|Sort by Price, Size, etc.|
what to do about duplicate content?
I suppose I should have done this long ago but it doesn't seem to be an issue with the larger ecom sites that use "sort by" pages that all have the same titles and descriptions so I wasn't concerned with it. But then again, that's them and not me. I figure it's time to fix it, but which method to use?
It's fairly simple to change the titles or meta tags with php. The question is, which one to change? Is it better to have:
widgets-blue.html-price-ASC<title>Blue Widgets by Price</title>
widgets-blue.html-size-ASC<title>Blue Bidgets by Size</title>
or, just add a robots="no index" in the mete tags for anything other than widgets-blue.html?
The first method will obviously give me three times as many pages but what good is it if they cause a duplicate content problem? But than again, it's not really duplicate content, or is it? I find it strange this hasn't been covered in here before.
What do you see that makes you feel you have a problem that needs fixing?
Sorry Tedster, maybe I'm not explaining this well. If you have a dynamic page in which the user is able to sort products by price, size and title, you basically end up with four different URL's which are all slight variations of the same page and also have the same title and description, ie: duplicate content.

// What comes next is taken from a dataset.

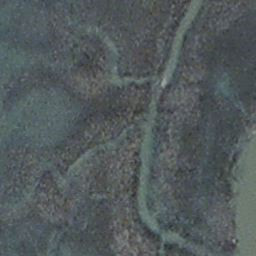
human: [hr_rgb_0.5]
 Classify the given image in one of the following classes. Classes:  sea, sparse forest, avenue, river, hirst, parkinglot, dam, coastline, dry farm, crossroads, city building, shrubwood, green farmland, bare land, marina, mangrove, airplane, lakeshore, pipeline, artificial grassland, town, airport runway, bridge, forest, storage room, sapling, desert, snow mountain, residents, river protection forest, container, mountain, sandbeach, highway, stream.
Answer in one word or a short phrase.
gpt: stream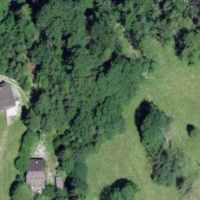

www.blue-widgets.html <title>Buy Blue Widgets
www.blue-widgets-price.html <title>Buy Blue Widgets
www.blue-widgets-size.html <title>Buy Blue Widgets
www.blue-widgets-style.html <title>Buy Blue Widgets
Question is, is it better to change the titles and descriptions for each or to just put in a noindex tag for anything other then just blue-widgets.html?
I'd put in the noindex. Only changing the titles doesn't fix the duplicate content issue.
If you have a page with 100 items and 10 words each you have 1,000 words. Now if you sort it a different way then you have 1,000 of the same words, but in a completely different order. I would think G would be hard pressed to view that as duplicate content.
I think I was the one who wasn't clear enough.
For a site that is just now instituting sort pages, I agree that restricting which urls get indexed can be wise, especially if the site doesn't have really strong PR. However, your site already has the sort pages in place, correct? I've seen lots of people try to 'fix' something because of something they read, and they end up hurting their business.
So I was wondering if you see some signs that your sort pages are in some way problematic. In other words, Google may already be handing your urls quite nicely for you. If so, you might cause a problem when you're just trying to make something better.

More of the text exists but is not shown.